I already know an application for this, and AFAIK it's being explored in the SaaS space: guided learning experiences and tutoring for individuals.
My kids, for instance, love to hammer Alexa with random questions. They would spend a huge amount of time using a better interface, esp. with quick feedback, that provided even deeper insight and responses to them.
Taking this and tuning it to specific audiences would make it a great tool for learning.
Great, using GPT-4 the kids will be getting a lot of hallucinated facts returned to them. There are good use cases for tranformer currently but they're not at the "impact company earnings or country GDP" stage currently, which is the promise that the whole industry has raised/spent 100+B dollars on. Facebook alone is spending 40B on AI. I believe in the AI future, but the only thing that matters for now is that the models improve.

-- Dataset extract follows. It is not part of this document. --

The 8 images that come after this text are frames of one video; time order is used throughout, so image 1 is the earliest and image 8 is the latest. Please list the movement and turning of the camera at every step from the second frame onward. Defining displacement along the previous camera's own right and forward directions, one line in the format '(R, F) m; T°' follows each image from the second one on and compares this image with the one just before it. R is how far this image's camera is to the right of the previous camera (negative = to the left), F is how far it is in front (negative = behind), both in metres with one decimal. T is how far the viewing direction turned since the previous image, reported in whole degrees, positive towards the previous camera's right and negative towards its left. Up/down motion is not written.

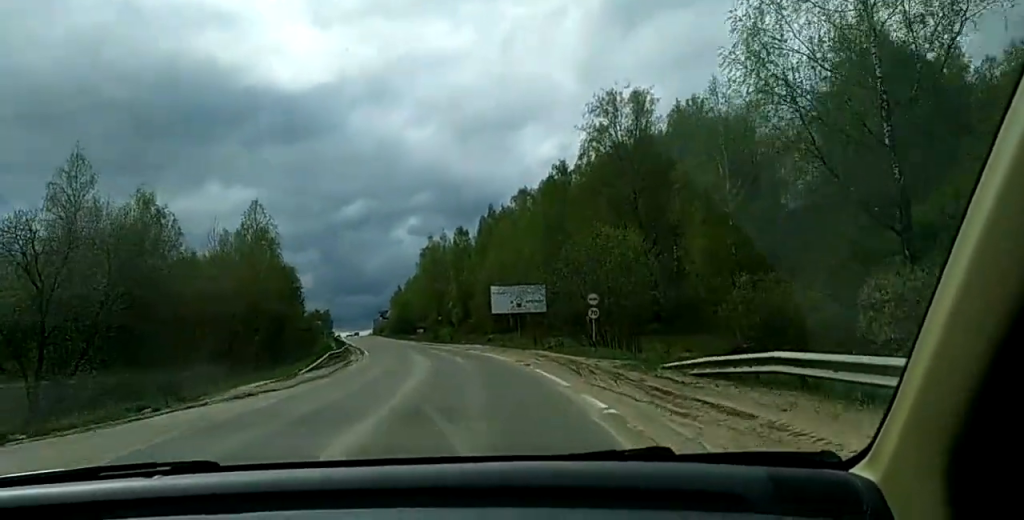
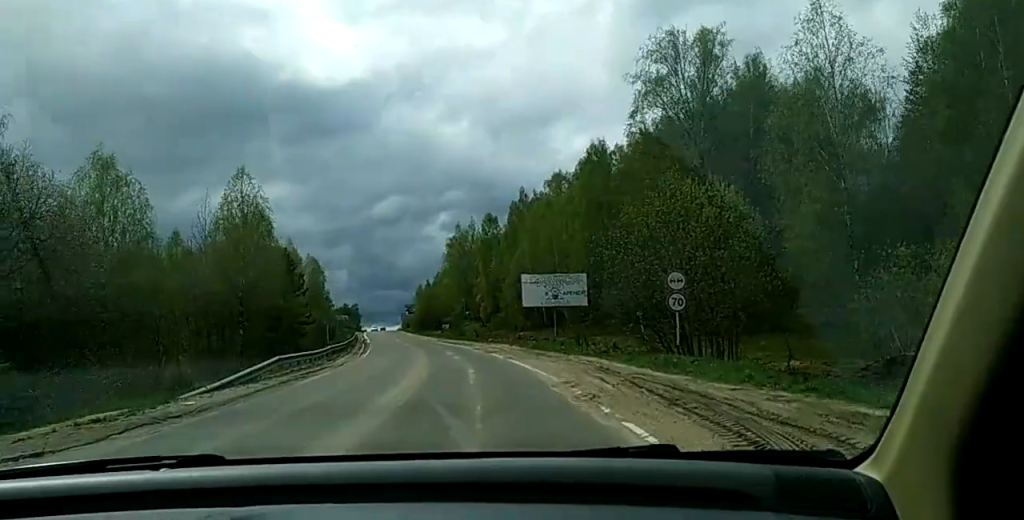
(-0.5, +14.2) m; -2°
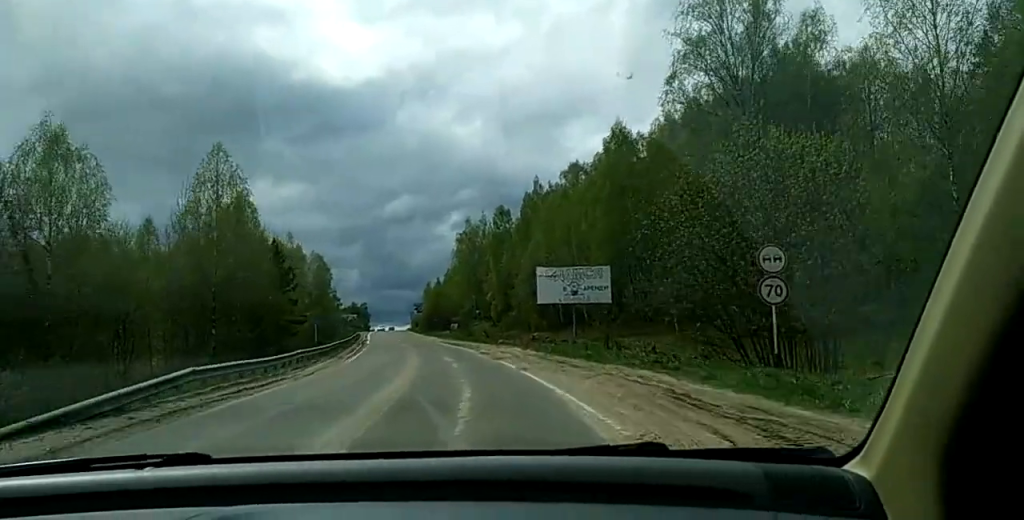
(+0.1, +8.3) m; -2°
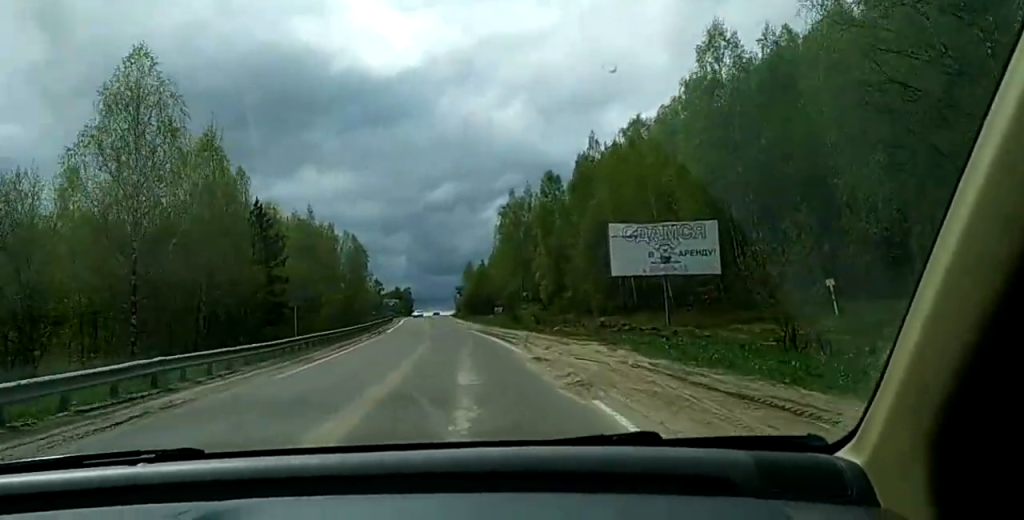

Compared to YouTube and Google SEO trash, or Google Home / Alexa (which do search + wiki retrieval), at the moment GPT-4 and Claude are unironically safer for kids: no algorithmic manipulation, no ads, no affiliated trash blogs, and so on. Bonus is that it can explain on the level of complexity the child will understand for their age
I still see this as a cool application. Anything that provides easier access to knowledge and improved learning is a boon.
I'd rather worry about the potential economic impact than worry about possible hallucinations from fun questions like "how big is the sun?" or "what is the best videogame in the world?", etc.
There's a ton you can do here, IMO.
Take a look at mathacademy.com, for instance. Now slap a voice interface on it, provide an ability for kids/participants to ask questions back and forth, etc. Boom: you've got a math tutor that guides you based on your current ability.
What if we could get to the same style of learning for languages? For instance, I'd love to work on Spanish. It'd be far more accessible if I could launch a web browser and chat through my mic in short spurts, rather than crack open Anki and go through flash cards, or wait on a Discord server for others to participate in immersive conversation.
Tons of cool applications here, all learning-focused.
It seems like the people who are ohhing and ahhing at the former and the people who are frustrated that this kind of this is unbelivably impractical to productize will be doomed to talk past one another forever. The text generation models, image generation models, speech-to-text and text-to-speech have reached impressive product stages. Multi-model hasn't got there because no one is really sure what to actually do with the thing outside of make cool demos.